8)  "Support consciousness-raising efforts such as Gay discussion groups, pro-Gay reading, and involvement in Gay community activities...."

9)  "Work toward a peer relationship with your client. The message: you are not a second-class of inferior person. It is probably the 'Doctor-god, keeper of life and death' medical model that has so infected the mental health professions...."

10)  "Encourage your client to question basic assumptions about being Gay and to develop a personally relevant value system as a basis for self-assessment. Point out the dangers of relying on society's value system for self-validation...."

11)  "Desensitize shame and guilt surrounding homosexual thoughts, feelings and behavior by pleasantly encouraging graphic descriptions of Gay experiences and, when appropriate, sharing your own. One of the things that has helped us to survive is our available 'camp' humor. It pokes fun at the ultimate foolishness of everything and provides a broad foundation of acceptance for that which is human. Humor is by far the easiest way to get at the guilt and shame surrounding homosexual thoughts, feelings and behavior. 'Had any good fantasies lately?' with a raised eyebrow can do a lot to move things along...."
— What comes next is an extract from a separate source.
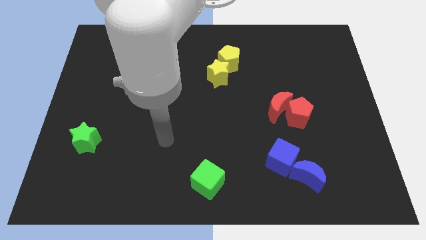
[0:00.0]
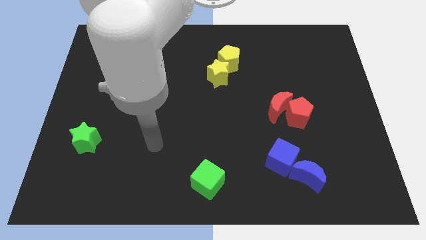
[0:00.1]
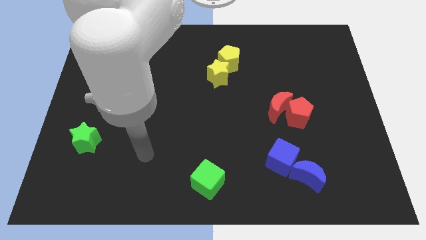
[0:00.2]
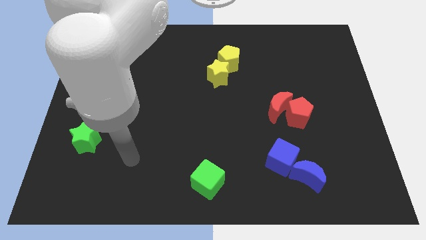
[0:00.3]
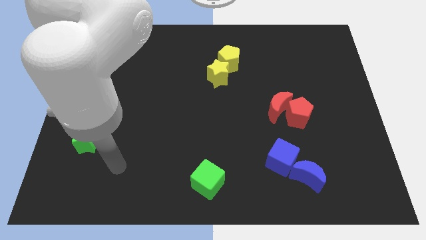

12)  "Use the weight of your authority to approve homosexual thoughts, behavior and feelings when reported by your client...."


Further Endnotes From Other Sources






"The more authentic you become, the more genuine in your expression particularly regarding personal experiences and even self-doubts the more people can relate to your expression and the safer it makes them feel to express themselves. That expression in turn feeds back on the other person's spirit, and genuine creative empathy takes place, producing new insights and learnings and a sense of excitement and adventure that keeps the process going."

-- From Steven R. Covey,
Daily Reflections For Highly Effective People
(A Fireside Book, Simon & Schuster, New York, 1994), p69.